DATA SECTION:

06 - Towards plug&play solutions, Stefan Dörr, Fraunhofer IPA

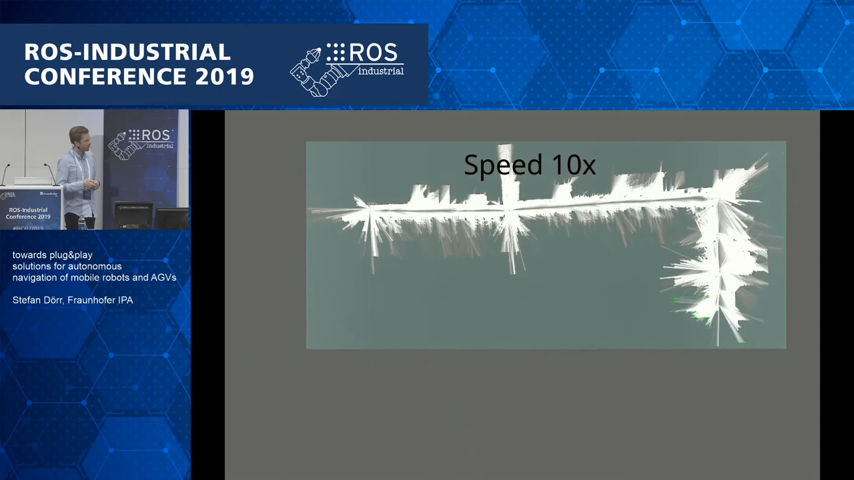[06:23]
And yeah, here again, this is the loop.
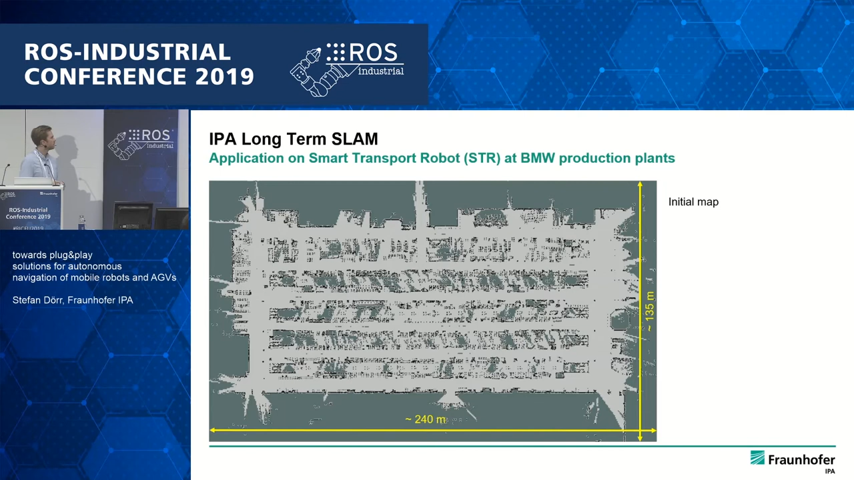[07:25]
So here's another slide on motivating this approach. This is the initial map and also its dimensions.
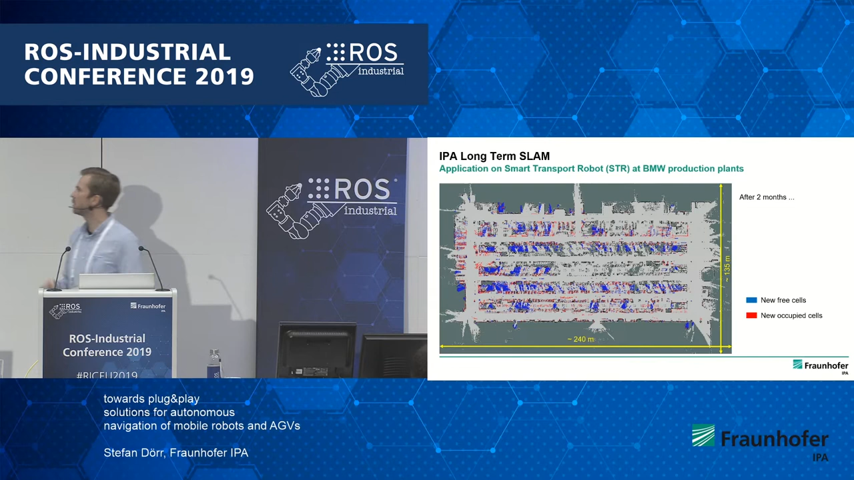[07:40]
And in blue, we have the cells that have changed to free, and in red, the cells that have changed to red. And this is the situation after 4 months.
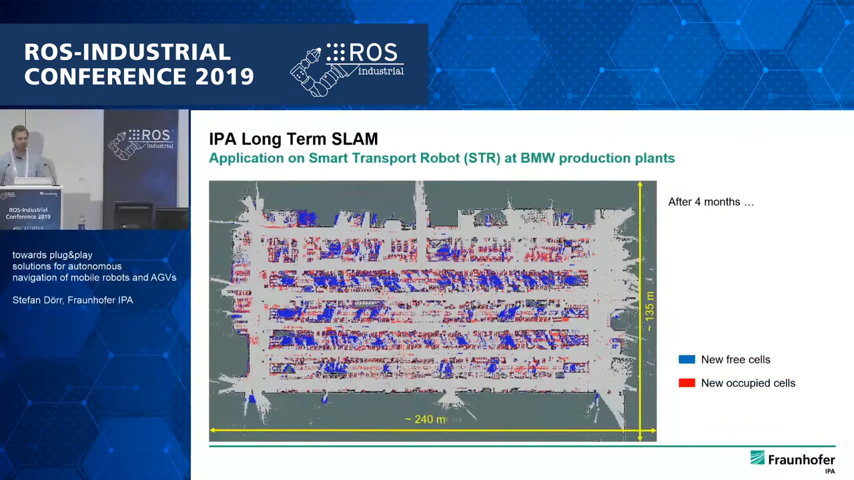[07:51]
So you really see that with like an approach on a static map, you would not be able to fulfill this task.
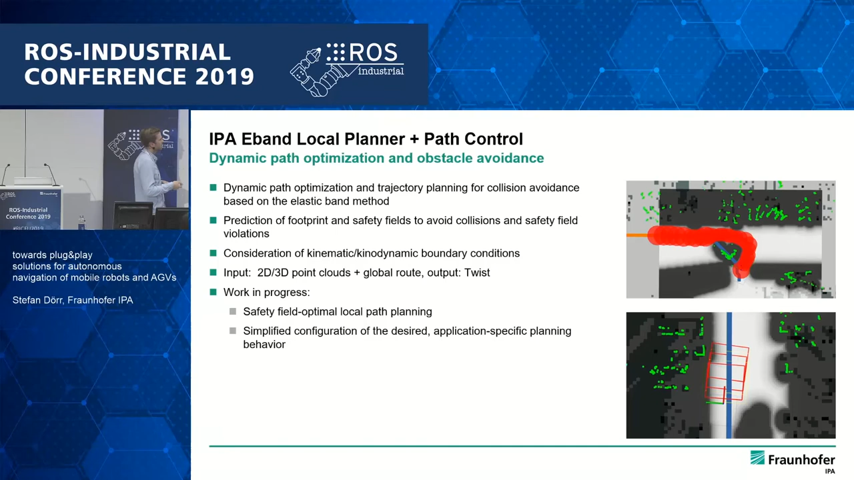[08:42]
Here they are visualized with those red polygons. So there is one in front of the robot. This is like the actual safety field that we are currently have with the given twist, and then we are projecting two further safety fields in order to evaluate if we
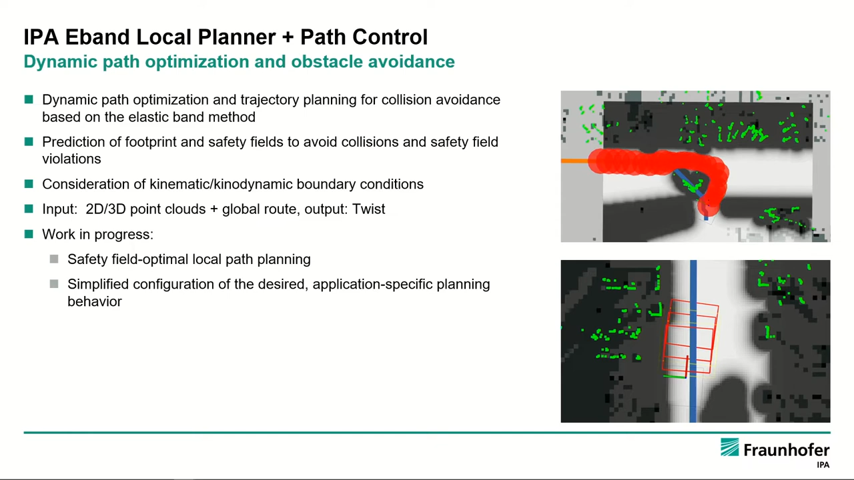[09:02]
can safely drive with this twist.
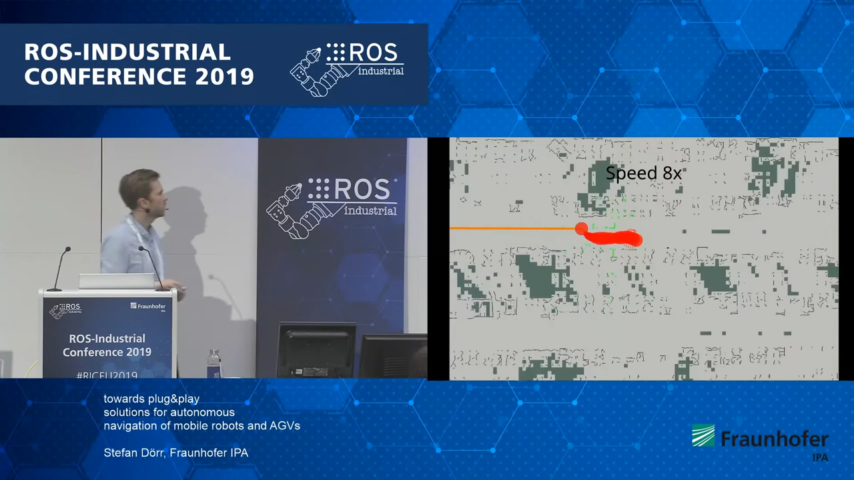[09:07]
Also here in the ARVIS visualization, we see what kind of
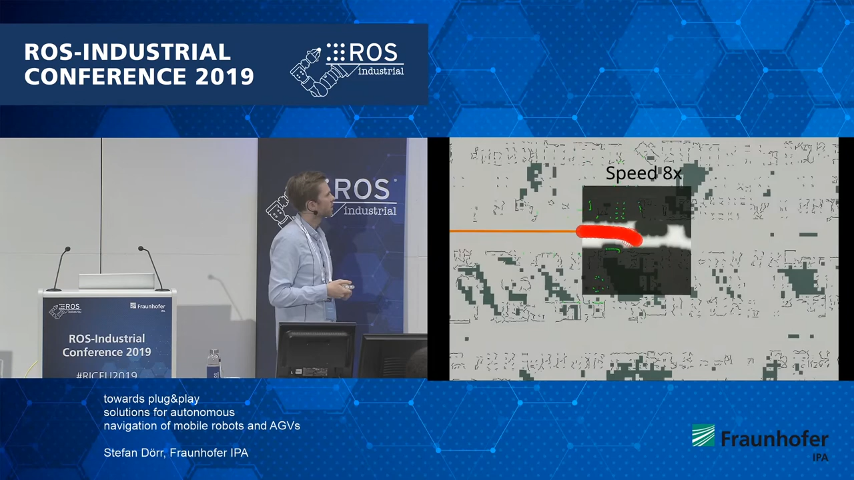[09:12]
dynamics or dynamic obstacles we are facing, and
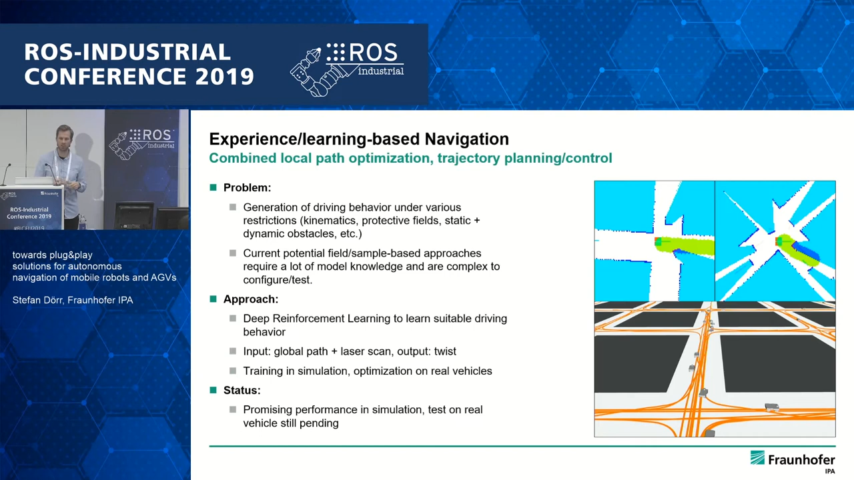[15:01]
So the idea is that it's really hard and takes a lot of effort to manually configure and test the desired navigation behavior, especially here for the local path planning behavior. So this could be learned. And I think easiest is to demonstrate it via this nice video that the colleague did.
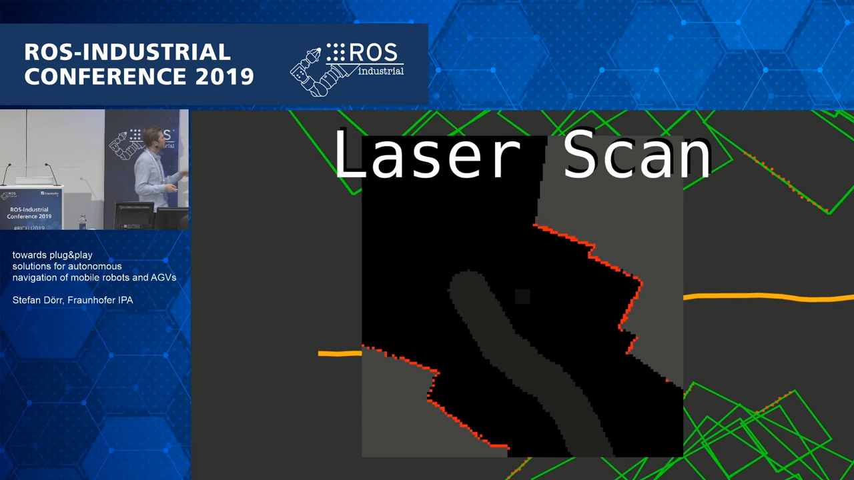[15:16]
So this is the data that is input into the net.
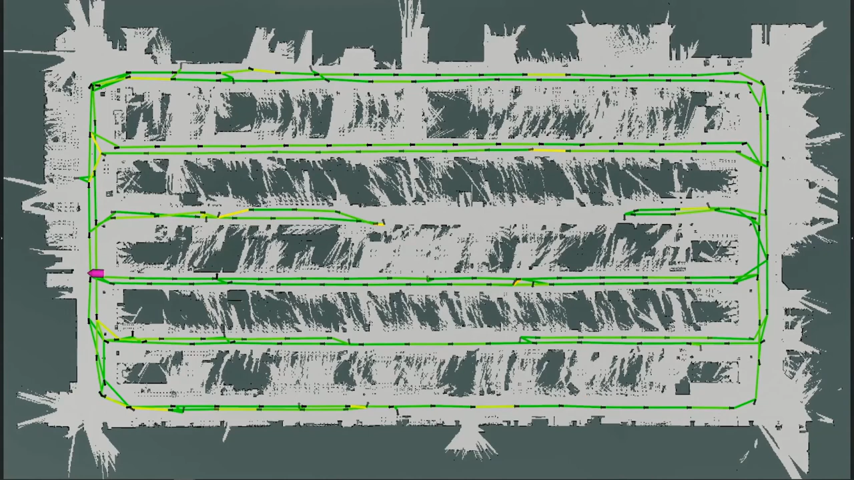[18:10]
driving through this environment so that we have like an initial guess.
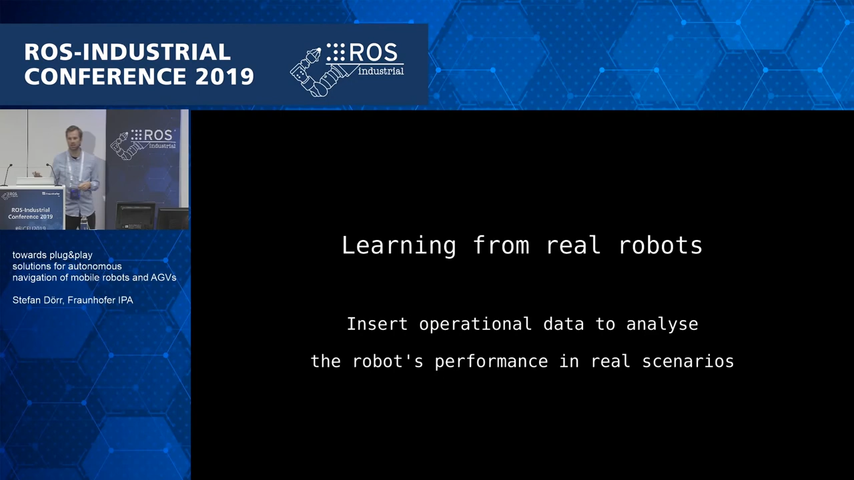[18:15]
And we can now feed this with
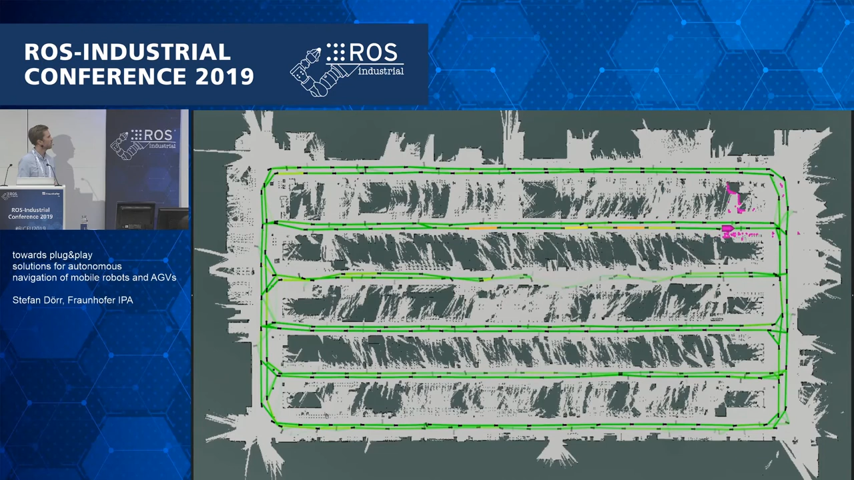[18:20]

PROBLEM DETAILS: Leaving every picture out, repeat each line of the material exactly.

TASK SOLUTION:
06 - Towards plug&play solutions, Stefan Dörr, Fraunhofer IPA

[06:23]
And yeah, here again, this is the loop.
[07:25]
So here's another slide on motivating this approach. This is the initial map and also its dimensions.
[07:40]
And in blue, we have the cells that have changed to free, and in red, the cells that have changed to red. And this is the situation after 4 months.
[07:51]
So you really see that with like an approach on a static map, you would not be able to fulfill this task.
[08:42]
Here they are visualized with those red polygons. So there is one in front of the robot. This is like the actual safety field that we are currently have with the given twist, and then we are projecting two further safety fields in order to evaluate if we
[09:02]
can safely drive with this twist.
[09:07]
Also here in the ARVIS visualization, we see what kind of
[09:12]
dynamics or dynamic obstacles we are facing, and
[15:01]
So the idea is that it's really hard and takes a lot of effort to manually configure and test the desired navigation behavior, especially here for the local path planning behavior. So this could be learned. And I think easiest is to demonstrate it via this nice video that the colleague did.
[15:16]
So this is the data that is input into the net.
[18:10]
driving through this environment so that we have like an initial guess.
[18:15]
And we can now feed this with
[18:20]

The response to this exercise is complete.